Less than a year after its introduction into service, Russia’s Su-57 fifth-generation fighter is getting a new version.
Deputy Prime Minister Yuri Borisov announced earlier this week that Russia’s defense industry plans to develop a two-seat Su-57. “There is interest in this aircraft and, in my view, it will grow with every passing year as our Russian Army is supplied with this model.
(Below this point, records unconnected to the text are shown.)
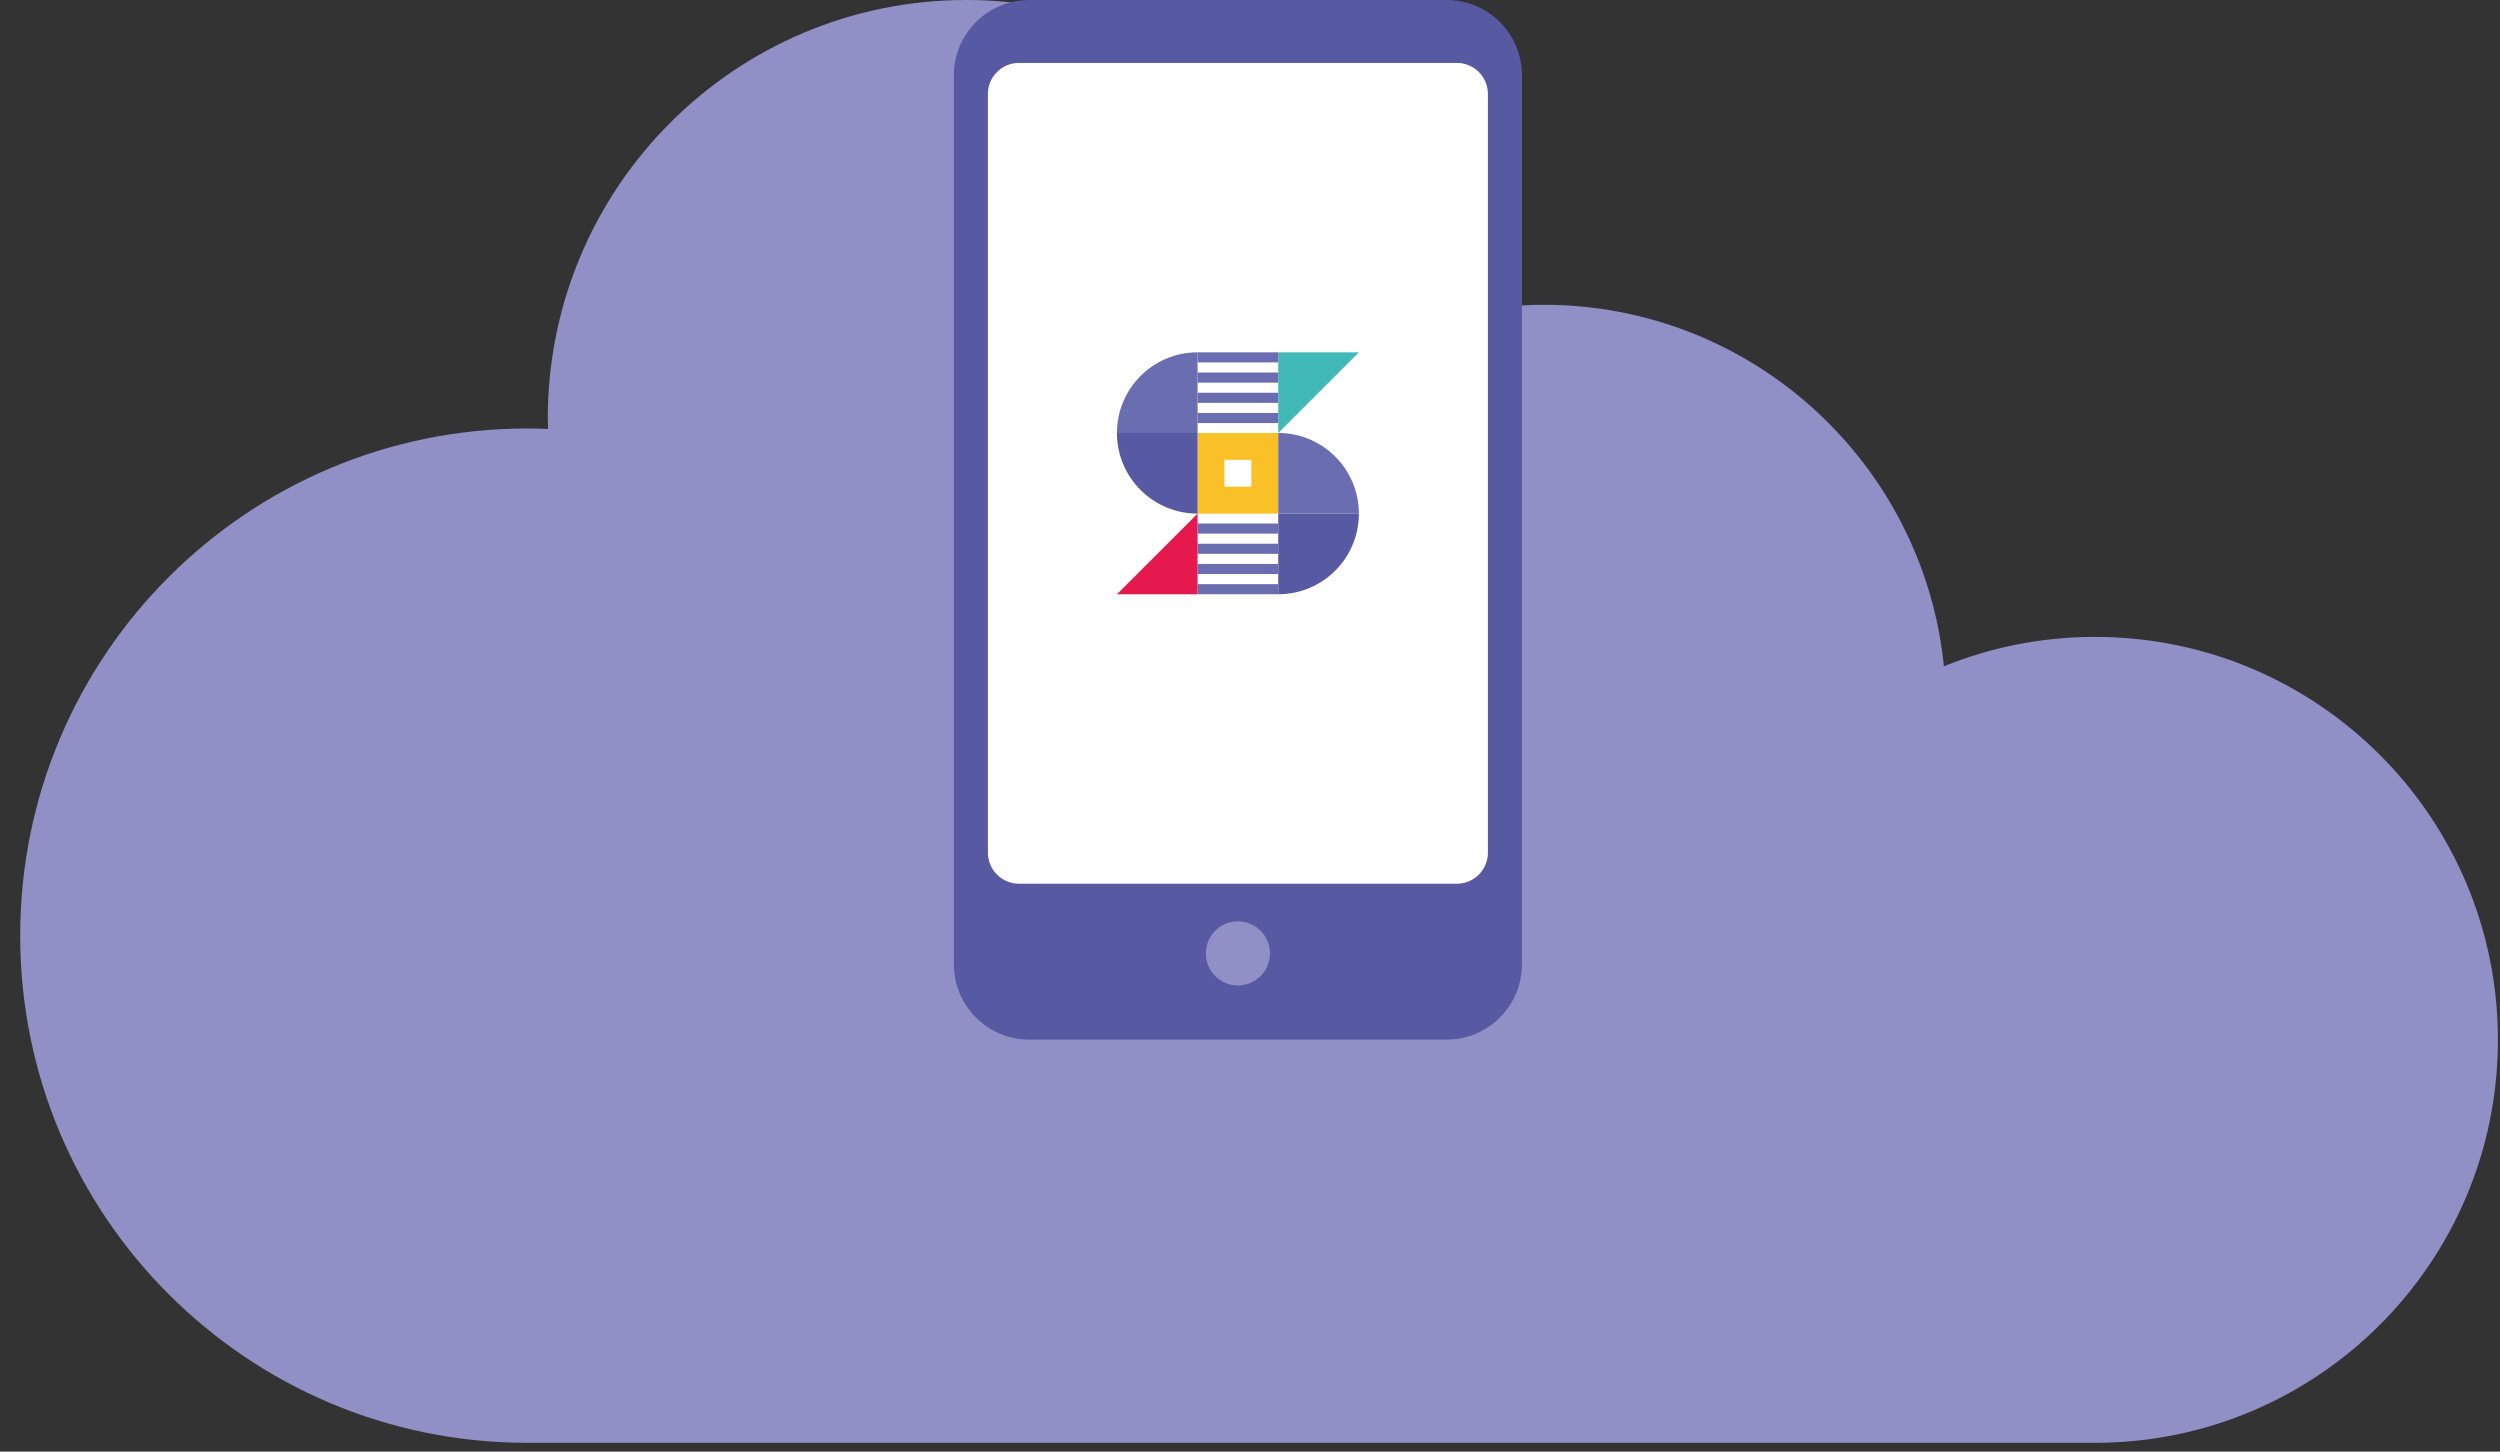 <?xml version="1.0" encoding="utf-8"?>
<!-- Generator: Adobe Illustrator 16.0.0, SVG Export Plug-In . SVG Version: 6.00 Build 0)  -->
<!DOCTYPE svg PUBLIC "-//W3C//DTD SVG 1.1//EN" "http://www.w3.org/Graphics/SVG/1.1/DTD/svg11.dtd">
<svg version="1.1" id="Livello_1" xmlns="http://www.w3.org/2000/svg" xmlns:xlink="http://www.w3.org/1999/xlink" x="0px" y="0px"
	 width="155px" height="90px" viewBox="0 0 155 90" enable-background="new 0 0 155 90" xml:space="preserve">
<rect x="0" y="0" width="155" height="90" fill="#333333" stroke="none"/>
<path fill="#9190C6" d="M129.888,39.487c-3.313,0-6.474,0.65-9.366,1.822c-1.268-12.587-11.894-22.412-24.813-22.412
	c-3.674,0-7.159,0.801-10.3,2.228C83.146,9.1,72.596,0,59.913,0c-14.332,0-25.95,11.618-25.95,25.95
	c0,0.219,0.012,0.433,0.017,0.649c-0.426-0.018-0.854-0.033-1.285-0.033c-17.366,0-31.444,14.078-31.444,31.445
	c0,17.366,14.078,31.444,31.444,31.444h97.193c13.798,0,24.983-11.186,24.983-24.984C154.871,50.673,143.686,39.487,129.888,39.487"
	/>
<path fill="#5859A3" d="M89.688,0H63.811c-2.58,0-4.672,2.092-4.672,4.672v55.11c0,2.581,2.092,4.674,4.672,4.674h25.878
	c2.58,0,4.672-2.093,4.672-4.674V4.672C94.36,2.092,92.269,0,89.688,0"/>
<path fill="#FFFFFF" d="M90.324,3.9H63.176c-1.063,0-1.926,0.862-1.926,1.926v47.037c0,1.064,0.862,1.927,1.926,1.927h27.148
	c1.063,0,1.926-0.862,1.926-1.927V5.826C92.25,4.762,91.388,3.9,90.324,3.9"/>
<path fill="#9190C6" d="M78.738,59.11c0-1.098-0.891-1.987-1.988-1.987s-1.988,0.89-1.988,1.987c0,1.099,0.891,1.988,1.988,1.988
	S78.738,60.208,78.738,59.11"/>
<rect x="74.25" y="26.844" fill="#F9C127" width="5" height="5"/>
<rect x="75.916" y="28.511" fill="#FFFFFF" width="1.667" height="1.667"/>
<path fill="#5859A3" d="M74.25,31.844L74.25,31.844v-5h-5C69.25,29.606,71.489,31.844,74.25,31.844"/>
<path fill="#6B6DB1" d="M69.25,26.844L69.25,26.844h5v-5C71.489,21.844,69.25,24.083,69.25,26.844"/>
<path fill="#5859A3" d="M79.25,36.844L79.25,36.844v-5h5C84.25,34.606,82.011,36.844,79.25,36.844"/>
<path fill="#6B6DB1" d="M84.25,31.844L84.25,31.844h-5v-5C82.011,26.844,84.25,29.083,84.25,31.844"/>
<polygon fill="#E5194E" points="69.25,36.844 74.25,36.844 74.25,31.844 "/>
<polygon fill="#41B9B6" points="84.25,21.844 79.25,21.844 79.25,26.844 "/>
<rect x="74.25" y="25.604" fill="#6B6DB1" width="5" height="0.627"/>
<rect x="74.25" y="24.35" fill="#6B6DB1" width="5" height="0.628"/>
<rect x="74.25" y="23.097" fill="#6B6DB1" width="5" height="0.628"/>
<rect x="74.25" y="21.844" fill="#6B6DB1" width="5" height="0.627"/>
<rect x="74.25" y="36.217" fill="#6B6DB1" width="5" height="0.627"/>
<rect x="74.25" y="34.964" fill="#6B6DB1" width="5" height="0.627"/>
<rect x="74.25" y="33.711" fill="#6B6DB1" width="5" height="0.627"/>
<rect x="74.25" y="32.458" fill="#6B6DB1" width="5" height="0.627"/>
</svg>

Foreign customers at first look at how a particular weapon of the Russian Armed Forces operates,” Borisov said. “The Defense Ministry and the Sukhoi Design Bureau have plans to develop a two-pilot aircraft that will boost the export demand for this model … and it may create additional demand.”
Russian defense giant Rostec said this would make the Su-57 the world’s first two-seat fifth-generation fighter: “Let us note that no country in the world has two-seat fifth-generation fighters. The Sukhoi may become the first one.” Neither the Lockheed Martin F-35 nor the F-22 have a two-seat variant. China’s military, however, is reportedly planning to unveil a two-seat model of their J-20 fifth-generation fighter that will offer slightly different functionality from its single-seat counterpart.
But what practical benefits would a two-seater Su-57 bring? Two-seater variants were relatively common across 4th and 4+ generation fighters — notable examples from past decades include the Eurofighter Typhoon, F/A-18/E Super Hornet, and several F-15 models. In ground strike missions, the second seat could be used by a Weapons Systems Officer (WSO) whose job is to operate the plane’s targeting systems. Before the advent of glass cockpits and other contemporary avionics features, it also made sense to offload certain navigation and radar management tasks to a second crew member.
Newer avionics systems have streamlined and automated many of the features that would previously require constant human attention, rendering the second seat increasingly redundant in the context of modern airpower operations. This trend is further accentuated by the sophisticated integrations of artificial intelligence and machine learning found across fifth and sixth-generation fighters, executing tasks like target acquisition and information processing far more effectively than a second crew member ever could. One of the latest manifestations of this trend is the concept of the loyal wingman drone, operating in an automated fashion to feed the mother plane a steady stream of reconnaissance and targeting information.
As a fifth-generation fighter, the Su-57 supports many — if not all — of the contemporary features described above in one form or another. So, then, what’s the point of a two-seat variant? According to Rostec, the new model will be offered exclusively for export markets: “This plane can be in demand in flight personnel’s training to lower the psychological stress of inexperienced pilots, and also to perform lengthy flights over featureless terrain.” The goal, then, is to offer prospective import clients an advanced training platform with a robust operational range.
Borisov appeared to suggest that the two-seater can function as a preview model of sorts, designed to give foreign Air Forces a taste of what the Su-57 platform is capable of in a safe, simulated environment. It is meant to complement rather than replace the standard one-seater Su-57E export model that Russia is currently advertising to buyers around the world, potentially offering skeptical importers a greater sense of confidence in their purchase.
Mark Episkopos is a national security reporter for The National Interest.